As much as Scully was a historian and journalist – he researched every player, even the umpires – he was also a kind of parent to younger listeners, who thought they were listening to a baseball game but learned about patience and humility, a respect for tradition and an appreciation of statistics and facts.
Don Cardinal, who grew up listening to the Dodgers from his home in Downey in the 1960s, credits Scully for teaching him long division while calculating ERAs and batting averages. But there was more he learned.

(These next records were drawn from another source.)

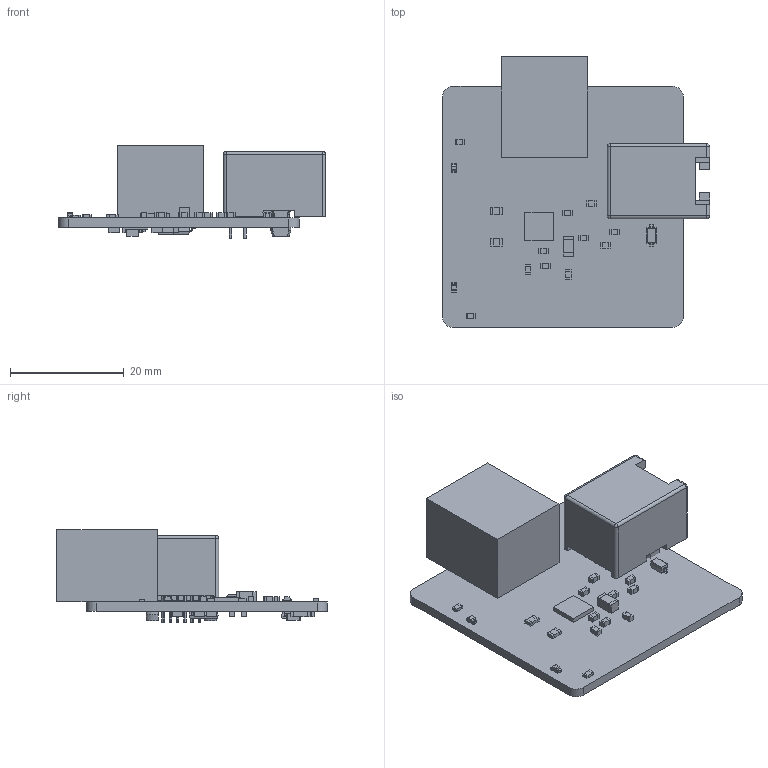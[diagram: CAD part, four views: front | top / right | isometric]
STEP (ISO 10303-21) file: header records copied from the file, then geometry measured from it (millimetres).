
FILE_DESCRIPTION(('Open CASCADE Model'),'2;1');
FILE_NAME('Open CASCADE Shape Model','2021-04-09T20:48:23',('Author'),( 'Open CASCADE'),'Open CASCADE STEP processor 6.5','Open CASCADE 6.5' ,'Unknown');
FILE_SCHEMA(('AUTOMOTIVE_DESIGN { 1 0 10303 214 1 1 1 1 }'));
Length unit declared in the file: millimetre
Products named in the file (101): PCB; Board; VD2; SOD-123; VD1; U3; 1583450392; Cylinder; 1582910640; Extruded; 1582910384; 1582910128; 1582910000; 1582909744; C12; 1582910896; 1582910768; C11; C10; 1576890496; 1576890624; C9; 1582911152; 1582911024; J2; 54601-906WPLFc; J1; 1582908720; U2; 1576891392; U1; tssop14-2; R9; 1576891008; 1576891264; R8; R7; R6; 1576890880; 1576903424 ...
Assembly tree (156 placements, depth 4):
  PCB
    Board
    VD2
      SOD-123
    VD1
      SOD-123
    U3
      1583450392
        Cylinder
      1582910640  x2
        Extruded
      1582910384  x4
        Extruded
      1582910128
        Extruded
      1582910000  x2
        Extruded
      1582909744
        Extruded
    C12
      1582910896
        Extruded
      1582910768  x2
        Extruded
    C11
      1582910896
        Extruded
      1582910768  x2
        Extruded
    C10
      1576890496
        Extruded
      1576890624  x2
        Extruded
    C9
      1582911152
        Extruded
      1582911024  x2
        Extruded
    J2
      54601-906WPLFc
    J1
      1582908720
        Extruded
    U2
      1576891392
        Extruded
    U1
      tssop14-2
    R9
      1576891008
        Extruded
      1576891264  x2
        Extruded
    R8
      1576891008
        Extruded
      1576891264  x2
        Extruded
    R7
Bounding box: 47.05 x 47.63 x 16.25 mm (x, y, z)
Volume: 8324.6 mm3; surface area: 7526.6 mm2
Topology: 106 solids, 106 shells, 1061 faces, 2450 edges, 1616 vertices
Faces by surface type: plane 898, cylinder 145, cone 10, sphere 4, torus 4
Full cylindrical faces by diameter (mm): 0.1 x1
Entity records: 46319 total; most frequent: CARTESIAN_POINT 11253, DIRECTION 5753, LINE 3581, VECTOR 3581, ORIENTED_EDGE 3102, PCURVE 3102, DEFINITIONAL_REPRESENTATION 3102, EDGE_CURVE 1551

He too lost a parent, his father, at a young age and was angry as a teenager. And Scully — in a voice that was calm and authoritative — guided him on some level, passing on wisdom typically shared by older members of a household.
“He wasn’t shy about helping us understand how to behave,” said Cardinal, who especially admired the fact that Scully talked about players from other teams as much as he did Dodgers. “He taught me that it’s okay to care about your team, but not at the expense of the other team, and that it’s more important to appreciate good play than political parties or one’s skin color.”
Scully was also clear with his audience that baseball was just a game, the fun of which comes from seeing what players – all players – can achieve. Never didactic or heavy-handed, he let the storyline evolve from the action and play it right in the middle, no matter how high the stakes or how disappointing the loss.
When he remembered Scully, McLoughlin began to cry. “It’s ridiculous,” she said. “He was 94. We all knew this was coming, but we all hoped it would be later than sooner.”
When explaining the feeling, she paused.
“It’s over,” she said. “It’s as if your childhood – which was, of course, long ago – is now really over.”
And for Angelenos, that means saying goodbye to the man who has touched so many families from generation to generation.